Total time taken = 5 hours

$$\eqalign{ & {\frac{x}{{14}}} + {\frac{x}{6}} = 5 \cr & \frac{{ {3x + 7x} }}{{42}} = 5 \cr & {\text{or}},\,10x = 42 \times 5 \cr & {\text{or}},\,x = \frac{{42 \times 5}}{{10}} \cr & {\text{So}},\,x = 21\,{\text{km}} \cr} $$

8. The speed of a motor-boat is that of the current of water as 36:5. The boat goes along with the current in 5 hours 10 minutes. It will come back in:

a) 5 hours 50 minutes

b) 6 hours 50 minutes

c) 6 hours

d) 12 hours 10 minutes

Explanation: Let the speed of the motor boat = 36x kmph and speed of current = 5x kmph.

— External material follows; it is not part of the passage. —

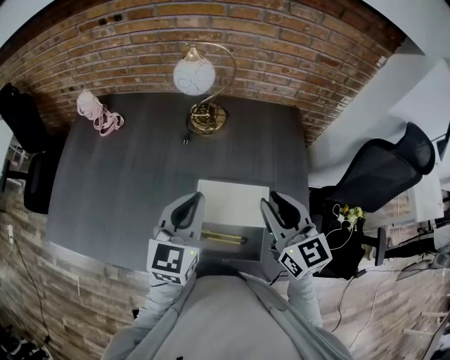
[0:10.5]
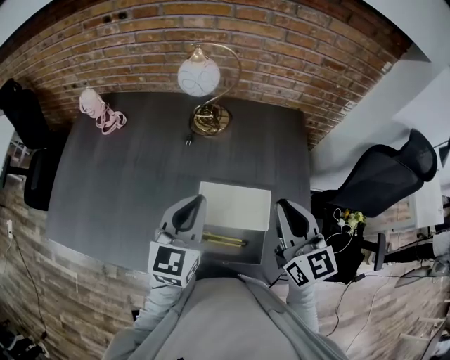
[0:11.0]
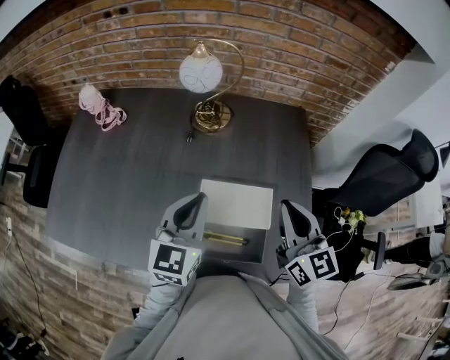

The boat goes along with the current in 5 hours 10 minutes = $$\frac{{31}}{6}$$ hour

$$\eqalign{ & {\text{Hence, Distance}} \cr & = {\frac{{31}}{6}} \times \left( {36x + 5x} \right) \cr & = \frac{{41x + 31}}{6}\,km \cr & {\text{Speed of boat upstream}} \cr & = 36x + 5x = 41x\,{\text{kmph}} \cr & {\text{Hence, time taken to come back}} \cr & = {\frac{{ {41x \times {\frac{{31}}{6}} } }}{{31x}}} \cr & = \frac{{41}}{6}\,{\text{hours}} \cr & = 6\,{\text{hours}}\,\,50\,{\text{minutes}} \cr} $$

9. Two trains started at the same time, one from A to B and other from B to A. if they arrived at B and A respectively in 4 hours and 9 hours after they passed each other, the ratio of the speeds of the two trains was:

a) 2 : 1

b) 3 : 2

c) 4 : 3

d) 5 : 4

Explanation: A →____________________← B

Ratio of the speed of trains is given by;

$$\eqalign{ & \frac{{{\text{Speed}}\,{\text{of}}\,{\text{train}}\,A}}{{{\text{Speed}}\,{\text{train}}\,{\text{of}}\,B}} = \frac{{\sqrt B }}{{\sqrt A }} \cr & = \frac{{\sqrt 9 }}{{\sqrt 4 }} \cr & = \frac{3}{2} \cr & = 3:2 \cr} $$

10. In a 1-kilometre race, A can beat B by 30 meters, while in a 500-meter race B can beat C by 25 meters. By how many meters will A beats C in a 100-meter race?

a) 7.25

b) 7.15

c) 7.85

d) 7.03

Explanation: When A runs 100 meters, B runs 970 meters.

Hence, when A runs 100 meter, b runs 97 meter.

When B runs 500 meter, C runs 475 meter.

When B runs 97 meter, C runs, $$\frac{{475 \times 97}}{{500}}$$ = 92.15 meter.

A will beat C by (100 - 92.15) = 7.85 meters.